需要注意的是,插入节点可能会改变二叉树的原有逻辑结构,而删除节点通常意味着删除该节点及其所有子树。因此,在二叉树中,插入与删除通常是由一套操作配合完成的,以实现有实际意义的操作。

常见二叉树类型

完美二叉树

如下图所示,完美二叉树(perfect binary tree)所有层的节点都被完全填满。在完美二叉树中,叶节点的度为 $0$ ,其余所有节点的度都为 $2$ ;若树的高度为 $h$ ,则节点总数为 $2^{h+1} - 1$ ,呈现标准的指数级关系,反映了自然界中常见的细胞分裂现象。

Tip

请注意,在中文社区中,完美二叉树常被称为满二叉树

完美二叉树

完全二叉树

如下图所示,完全二叉树(complete binary tree)只有最底层的节点未被填满,且最底层节点尽量靠左填充。

完全二叉树

完满二叉树

如下图所示,完满二叉树(full binary tree)除了叶节点之外,其余所有节点都有两个子节点。

完满二叉树

平衡二叉树

如下图所示,平衡二叉树(balanced binary tree)中任意节点的左子树和右子树的高度之差的绝对值不超过 1 。

平衡二叉树

二叉树的退化

下图展示了二叉树的理想结构与退化结构。当二叉树的每层节点都被填满时,达到“完美二叉树”;而当所有节点都偏向一侧时,二叉树退化为“链表”。
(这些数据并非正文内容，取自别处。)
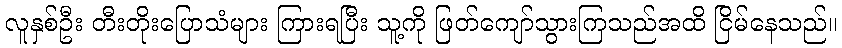
လူနှစ်ဦး တီးတိုးပြောသံများ ကြားရပြီး သူ့ကို ဖြတ်ကျော်သွားကြသည်အထိ ငြိမ်နေသည်။
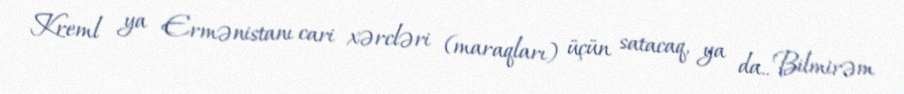
Kreml ya Ermənistanı cari xərcləri (maraqları) üçün satacaq, ya da.. Bilmirəm
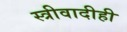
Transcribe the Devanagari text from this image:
स्त्रीवादीही
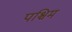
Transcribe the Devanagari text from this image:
पश्चिम
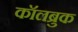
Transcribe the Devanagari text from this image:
कॉलब्रुक
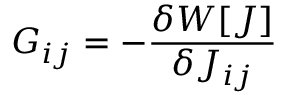
G _ { i j } = - { \frac { \delta W [ J ] } { \delta J _ { i j } } }
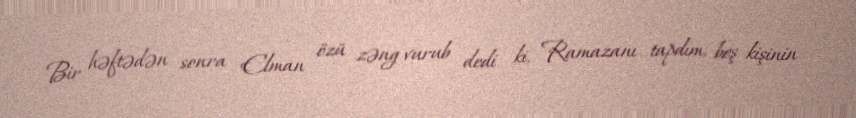
Bir həftədən sonra Elman özü zəng vurub dedi ki, Ramazanı tapdım, beş kişinin
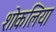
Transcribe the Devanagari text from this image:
शोकलिया
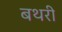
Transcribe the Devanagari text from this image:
बथरी
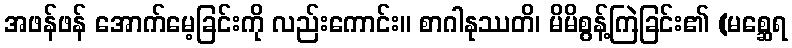
အဖန်ဖန် အောက်မေ့ခြင်းကို လည်းကောင်း။ စာဂါနုဿတိ၊ မိမိစွန့်ကြဲခြင်း၏ (မစ္ဆေရ
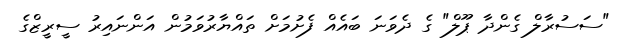
"ސަސުރާލް ގެންދާ ޕޫލް" ގެ ދެވަނަ ބައެއް ފެށުމަށް ތައްޔާރުވަމުން އަންނައިރު ސީރީޒްގެ
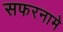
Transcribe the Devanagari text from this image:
सफरनामे
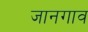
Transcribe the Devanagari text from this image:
जानगाव
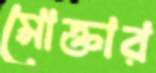
মোক্তার
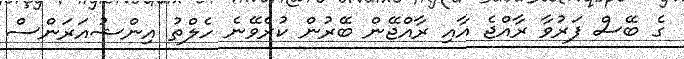
ގެ ބޭސް ފަރުވާ ރާއްޖެ އާއި ރާއްޖޭން ބޭރުން ކުރެވޭނެ ހެލްތު އިންޝުއަރަންސް
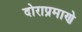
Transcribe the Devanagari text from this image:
दोराप्रमाणे
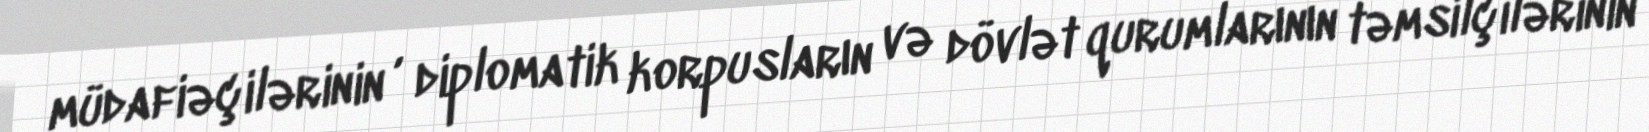
müdafiəçilərinin , diplomatik korpusların və dövlət qurumlarının təmsilçilərinin
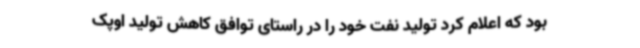
بود که اعلام کرد تولید نفت خود را در راستای توافق کاهش تولید اوپک
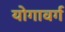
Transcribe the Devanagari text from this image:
योगावर्ग
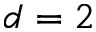
d = 2
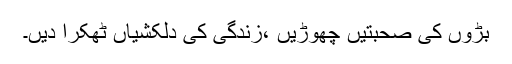
بڑوں کی صحبتیں چھوڑیں ،زندگی کی دلکشیاں ٹھکرا دیں۔
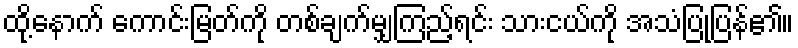
ထို့နောက် ကောင်းမြတ်ကို တစ်ချက်မျှကြည့်ရင်း သားငယ်ကို အသံပြုပြန်၏။
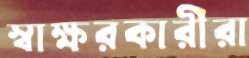
স্বাক্ষরকারীরা
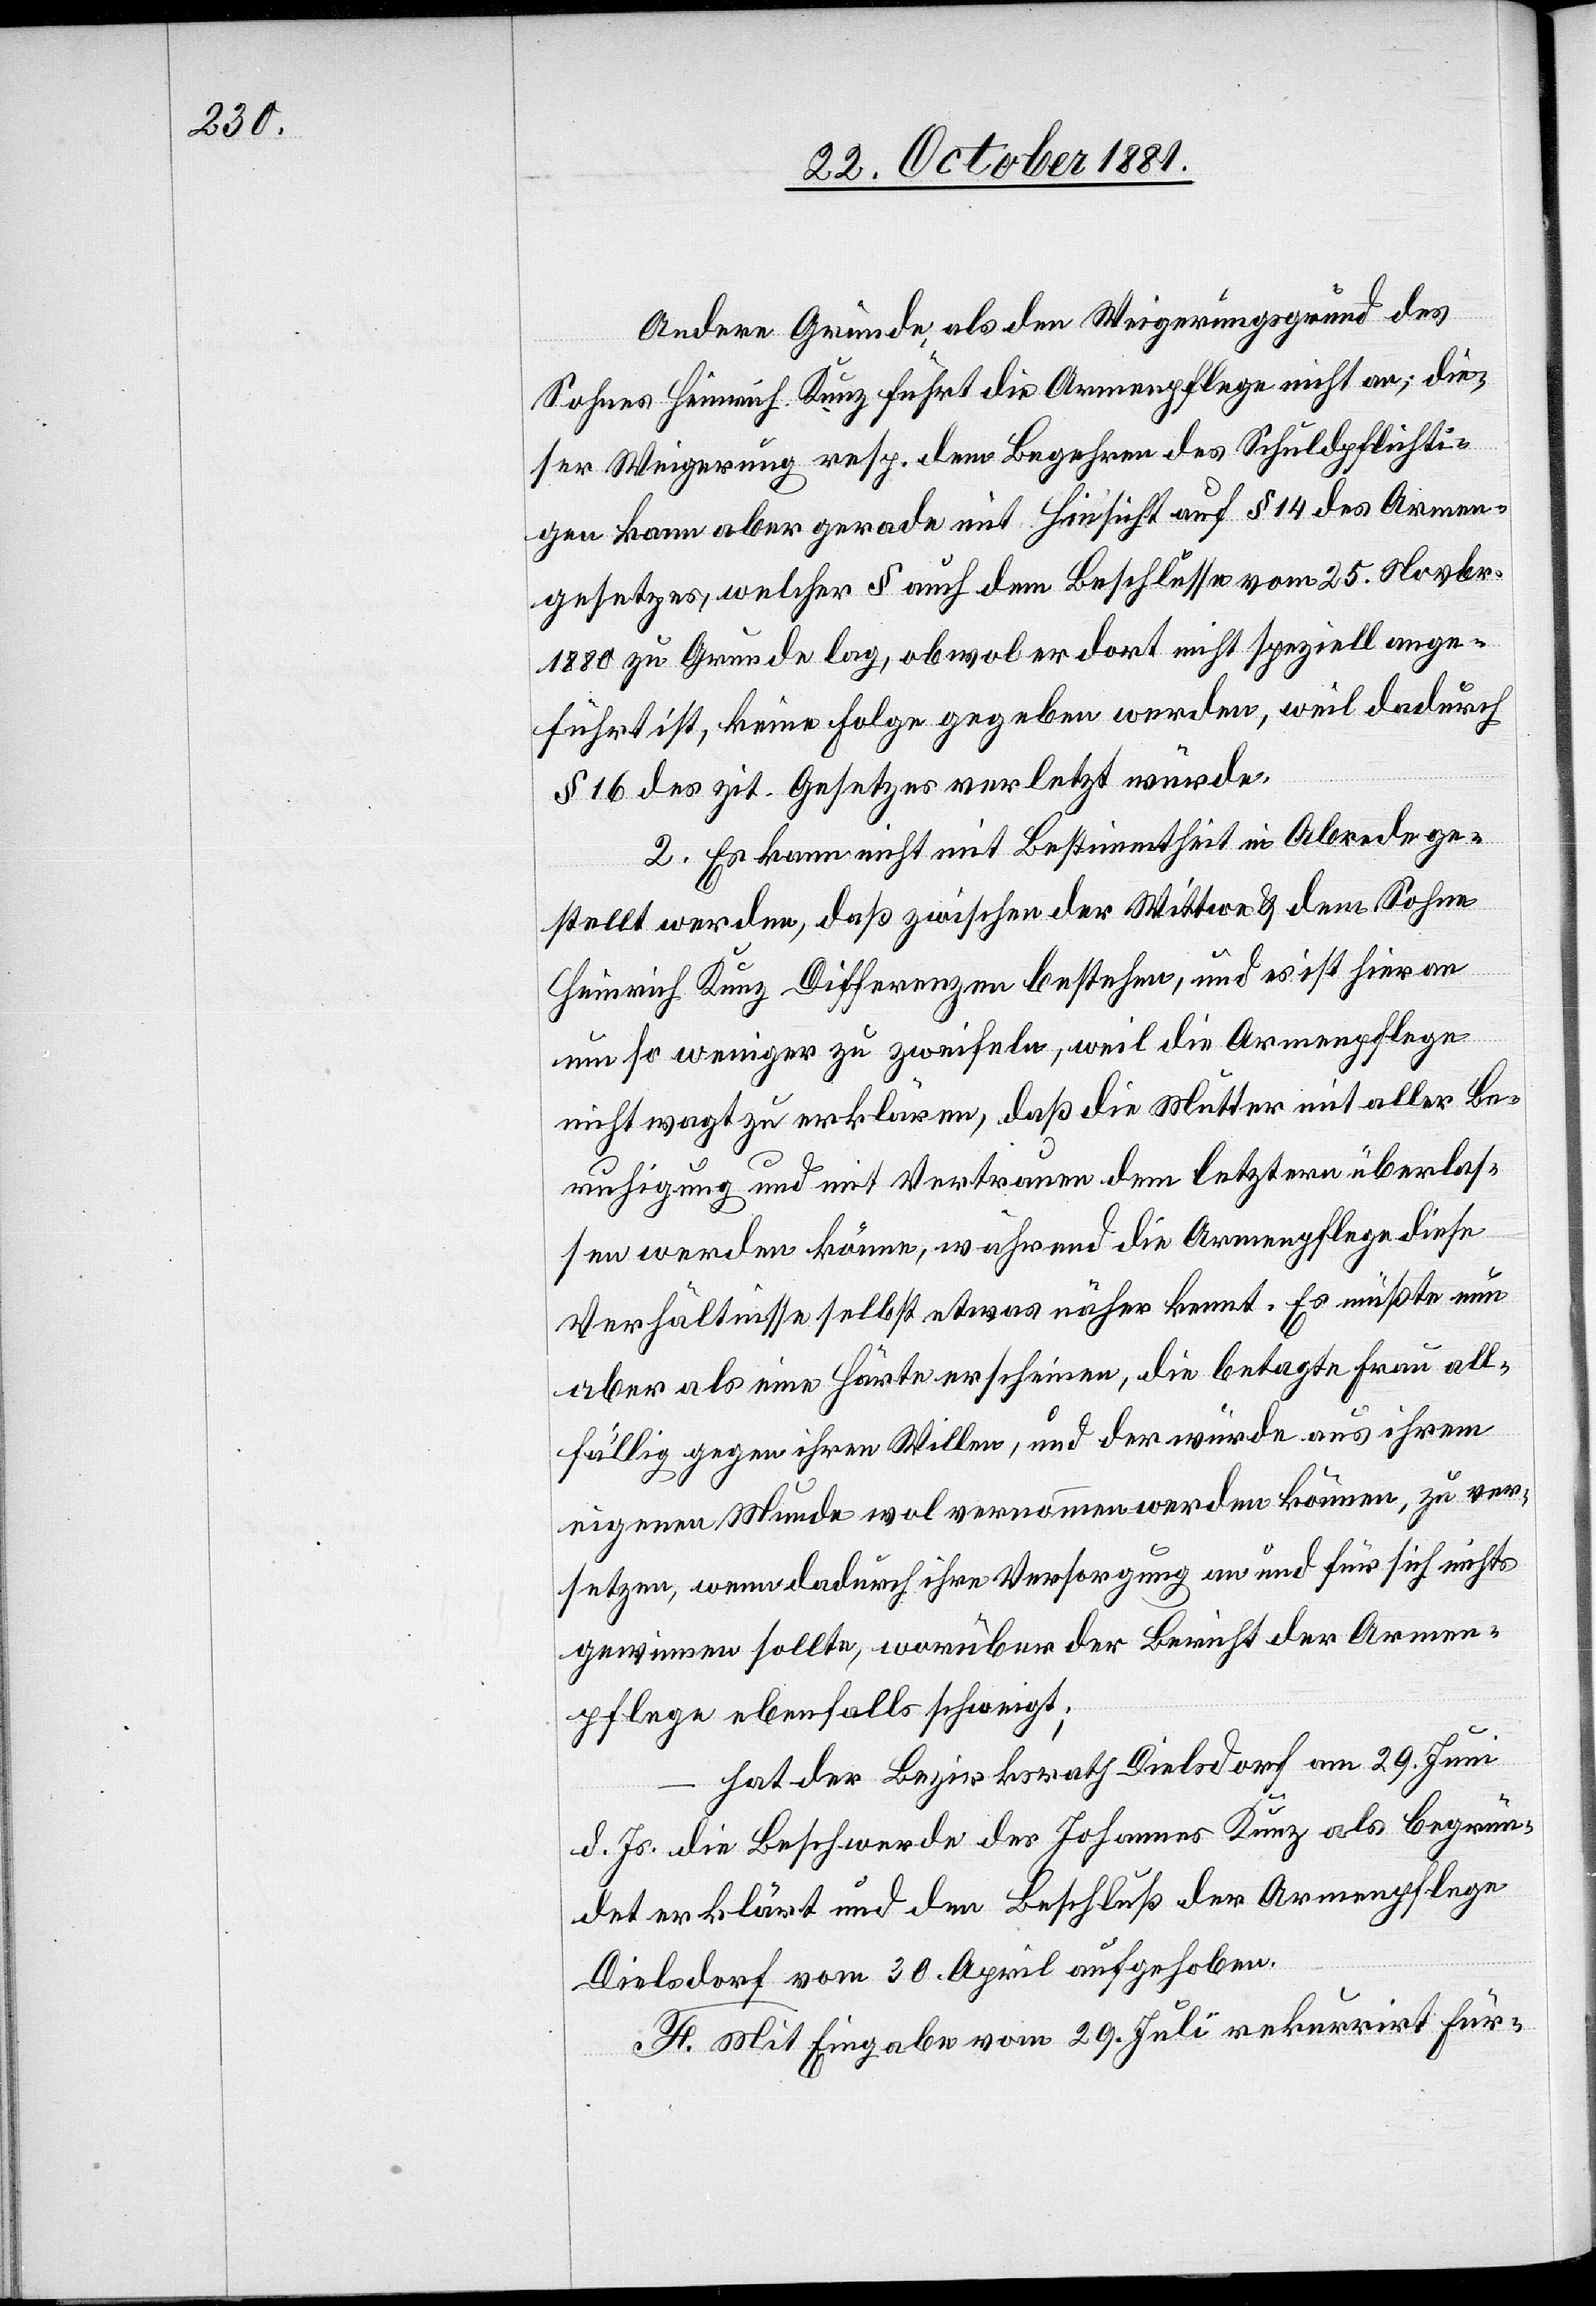
Andere Gründe als den Weigerungsgrund des
Sohnes Heinrich Kunz führt die Armenpflege nicht an; die¬
ser Weigerung resp. dem Begehren des Schuldpflichti¬
gen kann aber gerade mit Hinsicht auf § 14 des Armen¬
gesetzes, welcher § auch dem Beschlusse vom 25. Novber.
1880 zu Grunde lag, obwol er dort nicht speziell ange¬
führt ist, keine Folge gegeben werden, weil dadurch
§ 16 des zit. Gesetzes verletzt würde.
2. Es kann nicht mit Bestimmtheit in Abrede ge¬
stellt werden, daß zwischen der Wittwe & dem Sohne
Heinrich Kunz Differenzen bestehen, und es ist hieran
um so weniger zu zweifeln, weil die Armenpflege
nicht wagt zu erklären, daß die Mutter mit aller Be¬
ruhigung und mit Vertrauen dem letztern überlas¬
sen werden könne, während die Armenpflege diese
Verhältnisse selbst etwas näher kennt. Es müßte nun
aber als eine Härte erscheinen, die betagte Frau all¬
fällig gegen ihren Willen, und der würde aus ihrem
eigenen Munde wol vernommen werden können, zu ver¬
setzten, wenn dadurch ihre Versorgung an und für sich nichts
gewinnen sollte, worüber der Bericht der Armen¬
pflege ebenfalls schweigt;
hat der Bezirksrath Dielsdorf am 29. Juni
d. Js. die Beschwerde des Johannes Kunz als begrün¬
det erklärt und den Beschluß der Armenpflege
Dielsdorf vom 30. April aufgehoben.
F. Mit Eingabe vom 29. Juli rekurrirt Für-

  • 完美二叉树是理想情况,可以充分发挥二叉树“分治”的优势。
  • 链表则是另一个极端,各项操作都变为线性操作,时间复杂度退化至 $O(n)$ 。

二叉树的最佳结构与最差结构

如下表所示,在最佳结构和最差结构下,二叉树的叶节点数量、节点总数、高度等达到极大值或极小值。

  二叉树的最佳结构与最差结构

完美二叉树 链表
第 $i$ 层的节点数量 $2^{i-1}$ $1$
高度为 $h$ 的树的叶节点数量 $2^h$ $1$
高度为 $h$ 的树的节点总数 $2^{h+1} - 1$ $h + 1$
节点总数为 $n$ 的树的高度 $\log_2 (n+1) - 1$ $n - 1$